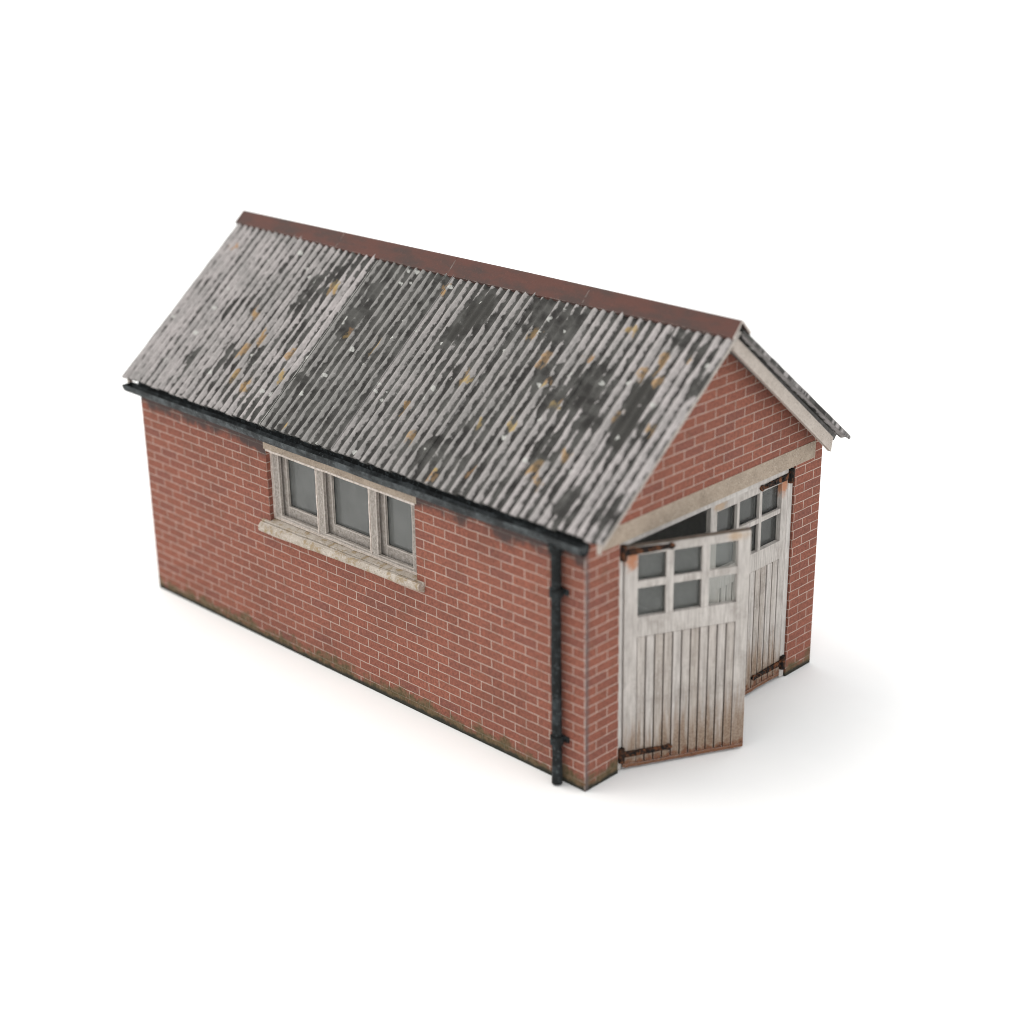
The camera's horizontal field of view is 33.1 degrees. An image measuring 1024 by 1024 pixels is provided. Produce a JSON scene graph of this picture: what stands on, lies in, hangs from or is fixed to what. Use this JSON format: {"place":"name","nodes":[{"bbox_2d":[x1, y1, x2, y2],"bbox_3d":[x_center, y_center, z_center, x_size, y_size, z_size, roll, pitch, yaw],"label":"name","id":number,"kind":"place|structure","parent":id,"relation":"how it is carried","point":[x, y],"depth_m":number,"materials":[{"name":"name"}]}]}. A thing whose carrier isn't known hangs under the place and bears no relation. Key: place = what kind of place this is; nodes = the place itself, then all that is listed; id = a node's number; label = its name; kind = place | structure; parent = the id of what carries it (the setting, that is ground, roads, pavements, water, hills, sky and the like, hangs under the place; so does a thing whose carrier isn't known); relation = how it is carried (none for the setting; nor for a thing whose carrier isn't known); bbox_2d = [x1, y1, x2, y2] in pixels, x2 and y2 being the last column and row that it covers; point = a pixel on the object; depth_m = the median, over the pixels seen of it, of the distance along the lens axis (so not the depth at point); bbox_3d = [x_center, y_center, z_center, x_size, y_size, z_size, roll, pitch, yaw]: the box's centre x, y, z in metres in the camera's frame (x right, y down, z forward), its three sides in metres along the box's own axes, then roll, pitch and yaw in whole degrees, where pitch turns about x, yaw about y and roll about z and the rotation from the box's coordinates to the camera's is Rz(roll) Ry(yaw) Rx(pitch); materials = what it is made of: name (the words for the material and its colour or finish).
{"place":"outdoors","nodes":[
{"label":"outdoors","id":0,"kind":"place"},
{"bbox_2d":[122,210,850,791],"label":"brick garage","id":1,"kind":"structure","parent":0,"point":[492,506],"depth_m":14.11,"materials":[{"name":"brick"}]},
{"bbox_2d":[258,452,424,592],"bbox_3d":[-1.454,0.041,14.706,2.116,0.790,0.221,19,30,41],"label":"window","id":2,"kind":"structure","parent":1,"relation":"in","point":[347,522],"depth_m":14.80,"materials":[{"name":"paint"}]},
{"bbox_2d":[618,527,751,767],"bbox_3d":[1.343,1.077,13.489,1.091,1.940,0.093,-8,23,-16],"label":"door","id":3,"kind":"structure","parent":1,"relation":"in","point":[684,669],"depth_m":13.53,"materials":[{"name":"white paint"}]},
{"bbox_2d":[706,468,794,693],"bbox_3d":[1.976,0.675,14.426,0.093,1.940,1.091,19,30,41],"label":"door","id":4,"kind":"structure","parent":1,"relation":"in","point":[764,661],"depth_m":14.48,"materials":[{"name":"white paint"}]},
{"bbox_2d":[0,0,1023,1023],"bbox_3d":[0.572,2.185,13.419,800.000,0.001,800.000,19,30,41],"label":"ground","id":5,"kind":"structure","parent":0,"point":[207,816],"depth_m":17.70,"materials":[{"name":"white paper"}]}
]}

----

◆ **TASK**
Every line of the listing should be copied precisely, with images omitted.

◆ **YOUR RESPONSE**
The camera's horizontal field of view is 33.1 degrees. An image measuring 1024 by 1024 pixels is provided. Produce a JSON scene graph of this picture: what stands on, lies in, hangs from or is fixed to what. Use this JSON format: {"place":"name","nodes":[{"bbox_2d":[x1, y1, x2, y2],"bbox_3d":[x_center, y_center, z_center, x_size, y_size, z_size, roll, pitch, yaw],"label":"name","id":number,"kind":"place|structure","parent":id,"relation":"how it is carried","point":[x, y],"depth_m":number,"materials":[{"name":"name"}]}]}. A thing whose carrier isn't known hangs under the place and bears no relation. Key: place = what kind of place this is; nodes = the place itself, then all that is listed; id = a node's number; label = its name; kind = place | structure; parent = the id of what carries it (the setting, that is ground, roads, pavements, water, hills, sky and the like, hangs under the place; so does a thing whose carrier isn't known); relation = how it is carried (none for the setting; nor for a thing whose carrier isn't known); bbox_2d = [x1, y1, x2, y2] in pixels, x2 and y2 being the last column and row that it covers; point = a pixel on the object; depth_m = the median, over the pixels seen of it, of the distance along the lens axis (so not the depth at point); bbox_3d = [x_center, y_center, z_center, x_size, y_size, z_size, roll, pitch, yaw]: the box's centre x, y, z in metres in the camera's frame (x right, y down, z forward), its three sides in metres along the box's own axes, then roll, pitch and yaw in whole degrees, where pitch turns about x, yaw about y and roll about z and the rotation from the box's coordinates to the camera's is Rz(roll) Ry(yaw) Rx(pitch); materials = what it is made of: name (the words for the material and its colour or finish).
{"place":"outdoors","nodes":[
{"label":"outdoors","id":0,"kind":"place"},
{"bbox_2d":[122,210,850,791],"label":"brick garage","id":1,"kind":"structure","parent":0,"point":[492,506],"depth_m":14.11,"materials":[{"name":"brick"}]},
{"bbox_2d":[258,452,424,592],"bbox_3d":[-1.454,0.041,14.706,2.116,0.790,0.221,19,30,41],"label":"window","id":2,"kind":"structure","parent":1,"relation":"in","point":[347,522],"depth_m":14.80,"materials":[{"name":"paint"}]},
{"bbox_2d":[618,527,751,767],"bbox_3d":[1.343,1.077,13.489,1.091,1.940,0.093,-8,23,-16],"label":"door","id":3,"kind":"structure","parent":1,"relation":"in","point":[684,669],"depth_m":13.53,"materials":[{"name":"white paint"}]},
{"bbox_2d":[706,468,794,693],"bbox_3d":[1.976,0.675,14.426,0.093,1.940,1.091,19,30,41],"label":"door","id":4,"kind":"structure","parent":1,"relation":"in","point":[764,661],"depth_m":14.48,"materials":[{"name":"white paint"}]},
{"bbox_2d":[0,0,1023,1023],"bbox_3d":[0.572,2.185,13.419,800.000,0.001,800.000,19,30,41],"label":"ground","id":5,"kind":"structure","parent":0,"point":[207,816],"depth_m":17.70,"materials":[{"name":"white paper"}]}
]}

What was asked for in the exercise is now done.